Predictive factors for late normal tissue complications following radiotherapy for breast cancer

Abstract
Radiotherapy after breast-conserving surgery is commonly applied to reduce recurrence of breast cancer but may cause acute and late side effects. To identify prognostic factors for the development of late toxicity after radiotherapy, we conducted a prospective study of breast cancer patients. We assessed late complications of radiotherapy and collected information on epidemiologic factors in a cohort of breast cancer patients who had received radiotherapy after breast-conserving surgery. Among 416 patients with complete follow-up data, the association between possible risk factors and development of late complications was evaluated using multivariate logistic regression analysis. After a median follow-up time of 51 months, 131 (31.4%) patients presented with telangiectasia and 28 (6.7%) patients with fibrosis. We observed a strong association between development of telangiectasia and fibrosis (p < 0.01). Increasing age of the patient was a risk factor for both telangiectasia and fibrosis (p-value for trend <0.01 and 0.03, respectively). Patients with acute skin toxicity (odds ratio (OR) 1.8, 95% confidence interval (CI) 1.0–3.1) were at higher risk to develop telangiectasia.
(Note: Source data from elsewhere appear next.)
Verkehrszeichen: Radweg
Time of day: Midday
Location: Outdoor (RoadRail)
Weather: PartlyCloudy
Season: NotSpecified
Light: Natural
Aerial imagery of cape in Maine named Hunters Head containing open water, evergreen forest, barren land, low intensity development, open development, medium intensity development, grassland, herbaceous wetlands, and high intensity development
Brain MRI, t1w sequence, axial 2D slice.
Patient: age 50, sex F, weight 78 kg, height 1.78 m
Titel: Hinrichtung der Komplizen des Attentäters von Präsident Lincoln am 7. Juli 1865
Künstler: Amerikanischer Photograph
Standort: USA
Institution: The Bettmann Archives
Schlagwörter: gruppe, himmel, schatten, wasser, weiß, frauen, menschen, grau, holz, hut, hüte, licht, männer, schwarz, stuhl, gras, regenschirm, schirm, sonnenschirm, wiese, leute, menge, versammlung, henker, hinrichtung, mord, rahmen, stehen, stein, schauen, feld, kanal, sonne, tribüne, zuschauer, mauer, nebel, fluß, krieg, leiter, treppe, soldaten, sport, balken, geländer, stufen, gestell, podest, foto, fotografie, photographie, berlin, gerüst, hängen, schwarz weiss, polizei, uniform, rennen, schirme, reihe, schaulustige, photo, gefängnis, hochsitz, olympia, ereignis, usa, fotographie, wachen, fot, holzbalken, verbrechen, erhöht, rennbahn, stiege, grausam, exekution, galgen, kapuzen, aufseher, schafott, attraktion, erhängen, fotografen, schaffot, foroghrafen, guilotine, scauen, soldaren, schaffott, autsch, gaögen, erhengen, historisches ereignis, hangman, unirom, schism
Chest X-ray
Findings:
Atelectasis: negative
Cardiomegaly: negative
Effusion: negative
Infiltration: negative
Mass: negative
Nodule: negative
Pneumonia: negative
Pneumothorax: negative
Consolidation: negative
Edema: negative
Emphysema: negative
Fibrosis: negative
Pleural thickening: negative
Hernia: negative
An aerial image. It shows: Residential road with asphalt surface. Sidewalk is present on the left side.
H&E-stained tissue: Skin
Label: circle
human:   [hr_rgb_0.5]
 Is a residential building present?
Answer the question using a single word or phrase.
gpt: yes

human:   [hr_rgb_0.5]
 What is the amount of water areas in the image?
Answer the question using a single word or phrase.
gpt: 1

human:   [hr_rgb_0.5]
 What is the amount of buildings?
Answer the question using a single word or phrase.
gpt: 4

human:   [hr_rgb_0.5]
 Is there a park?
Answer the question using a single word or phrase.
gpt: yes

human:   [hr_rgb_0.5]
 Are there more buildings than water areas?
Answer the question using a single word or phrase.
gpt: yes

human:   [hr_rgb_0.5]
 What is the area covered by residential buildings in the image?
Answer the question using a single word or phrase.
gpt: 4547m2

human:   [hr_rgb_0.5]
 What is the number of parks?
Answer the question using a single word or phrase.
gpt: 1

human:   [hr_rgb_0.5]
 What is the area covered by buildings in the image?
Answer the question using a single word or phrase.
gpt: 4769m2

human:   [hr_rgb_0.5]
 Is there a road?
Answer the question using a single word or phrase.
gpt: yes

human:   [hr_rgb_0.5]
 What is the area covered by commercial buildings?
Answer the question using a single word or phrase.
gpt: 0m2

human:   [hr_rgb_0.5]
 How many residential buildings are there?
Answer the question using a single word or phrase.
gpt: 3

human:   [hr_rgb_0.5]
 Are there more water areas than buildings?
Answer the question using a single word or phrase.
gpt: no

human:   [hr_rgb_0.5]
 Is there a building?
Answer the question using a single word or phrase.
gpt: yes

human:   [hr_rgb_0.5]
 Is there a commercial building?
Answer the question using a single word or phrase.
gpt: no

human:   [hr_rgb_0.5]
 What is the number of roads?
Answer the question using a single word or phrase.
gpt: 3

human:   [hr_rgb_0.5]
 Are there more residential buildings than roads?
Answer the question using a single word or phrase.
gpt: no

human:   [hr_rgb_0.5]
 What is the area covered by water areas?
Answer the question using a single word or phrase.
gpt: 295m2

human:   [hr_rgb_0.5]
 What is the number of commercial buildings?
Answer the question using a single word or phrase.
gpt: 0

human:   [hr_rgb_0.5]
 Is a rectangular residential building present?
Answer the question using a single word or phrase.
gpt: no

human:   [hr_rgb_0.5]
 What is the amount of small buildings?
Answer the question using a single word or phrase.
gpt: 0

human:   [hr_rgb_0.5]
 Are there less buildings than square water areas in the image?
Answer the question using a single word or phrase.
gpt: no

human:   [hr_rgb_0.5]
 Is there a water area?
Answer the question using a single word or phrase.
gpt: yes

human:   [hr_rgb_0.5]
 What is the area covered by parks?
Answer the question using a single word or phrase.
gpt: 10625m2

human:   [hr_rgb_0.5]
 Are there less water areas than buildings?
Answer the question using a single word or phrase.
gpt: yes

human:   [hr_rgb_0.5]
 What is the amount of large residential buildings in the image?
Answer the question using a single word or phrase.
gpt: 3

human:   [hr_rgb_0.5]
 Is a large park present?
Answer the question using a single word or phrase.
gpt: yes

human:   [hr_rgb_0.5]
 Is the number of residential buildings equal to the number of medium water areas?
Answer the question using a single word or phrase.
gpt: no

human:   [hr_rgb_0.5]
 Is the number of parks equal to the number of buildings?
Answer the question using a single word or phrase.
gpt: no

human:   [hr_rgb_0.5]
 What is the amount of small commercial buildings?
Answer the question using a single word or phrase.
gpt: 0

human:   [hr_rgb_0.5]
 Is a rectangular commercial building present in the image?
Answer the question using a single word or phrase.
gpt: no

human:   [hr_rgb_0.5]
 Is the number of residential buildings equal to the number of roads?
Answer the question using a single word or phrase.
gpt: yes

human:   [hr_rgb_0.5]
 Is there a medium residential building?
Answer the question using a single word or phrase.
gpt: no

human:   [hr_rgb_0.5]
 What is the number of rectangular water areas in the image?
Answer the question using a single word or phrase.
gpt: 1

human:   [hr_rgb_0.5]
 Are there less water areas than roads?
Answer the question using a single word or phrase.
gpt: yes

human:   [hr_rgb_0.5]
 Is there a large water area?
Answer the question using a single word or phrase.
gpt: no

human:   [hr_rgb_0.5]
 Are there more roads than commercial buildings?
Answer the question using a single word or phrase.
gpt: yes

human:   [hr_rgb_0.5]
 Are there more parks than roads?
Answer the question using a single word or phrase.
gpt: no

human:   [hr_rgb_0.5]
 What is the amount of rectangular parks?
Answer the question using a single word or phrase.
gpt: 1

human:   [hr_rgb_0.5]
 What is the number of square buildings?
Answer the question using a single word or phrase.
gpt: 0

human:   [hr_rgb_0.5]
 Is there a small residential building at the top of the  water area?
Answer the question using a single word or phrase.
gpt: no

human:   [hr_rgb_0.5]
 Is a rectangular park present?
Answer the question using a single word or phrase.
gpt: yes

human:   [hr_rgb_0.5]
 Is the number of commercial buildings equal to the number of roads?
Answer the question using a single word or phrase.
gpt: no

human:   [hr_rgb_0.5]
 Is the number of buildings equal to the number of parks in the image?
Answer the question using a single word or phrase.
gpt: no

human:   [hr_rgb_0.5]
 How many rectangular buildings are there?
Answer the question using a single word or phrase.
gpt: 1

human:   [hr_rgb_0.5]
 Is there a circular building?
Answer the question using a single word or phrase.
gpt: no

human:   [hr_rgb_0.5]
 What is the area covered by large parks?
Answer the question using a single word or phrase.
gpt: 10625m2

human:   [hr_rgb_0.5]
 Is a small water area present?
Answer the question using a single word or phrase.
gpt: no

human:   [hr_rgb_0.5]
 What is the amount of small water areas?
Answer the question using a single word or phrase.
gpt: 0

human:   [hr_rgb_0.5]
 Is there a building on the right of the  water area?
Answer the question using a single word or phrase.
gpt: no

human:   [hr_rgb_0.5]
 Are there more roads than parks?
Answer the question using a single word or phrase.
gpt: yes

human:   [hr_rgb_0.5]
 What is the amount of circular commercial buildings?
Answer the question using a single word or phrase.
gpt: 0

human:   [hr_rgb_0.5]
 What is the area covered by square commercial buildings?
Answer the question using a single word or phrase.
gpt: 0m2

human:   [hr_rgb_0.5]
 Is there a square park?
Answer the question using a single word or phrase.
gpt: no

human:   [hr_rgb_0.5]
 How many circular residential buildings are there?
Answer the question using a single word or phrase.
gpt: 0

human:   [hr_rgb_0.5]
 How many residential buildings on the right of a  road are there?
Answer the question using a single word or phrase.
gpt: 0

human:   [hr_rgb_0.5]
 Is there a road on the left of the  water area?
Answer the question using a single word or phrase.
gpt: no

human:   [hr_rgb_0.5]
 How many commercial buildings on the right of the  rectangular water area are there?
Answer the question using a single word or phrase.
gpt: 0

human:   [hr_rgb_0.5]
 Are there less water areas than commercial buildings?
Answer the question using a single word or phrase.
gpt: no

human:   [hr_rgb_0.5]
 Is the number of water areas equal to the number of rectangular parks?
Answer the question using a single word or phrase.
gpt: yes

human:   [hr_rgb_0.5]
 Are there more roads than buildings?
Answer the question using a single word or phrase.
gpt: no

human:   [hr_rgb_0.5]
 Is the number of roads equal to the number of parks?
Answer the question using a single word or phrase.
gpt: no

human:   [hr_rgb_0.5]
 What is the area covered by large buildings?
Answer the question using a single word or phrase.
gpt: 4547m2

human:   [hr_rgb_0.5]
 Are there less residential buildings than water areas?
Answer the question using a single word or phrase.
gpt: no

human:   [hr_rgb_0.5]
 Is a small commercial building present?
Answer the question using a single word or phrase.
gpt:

Long-term smoking was associated with a significant increase in risk of telangiectasia compared to non-smokers (OR 2.3, 95% CI 1.2–4.6). Our study revealed several factors other than radiation dose that may predispose to late complications following radiotherapy. Further understanding of differences in response to irradiation may advance individualized treatment and improve cosmetic outcome.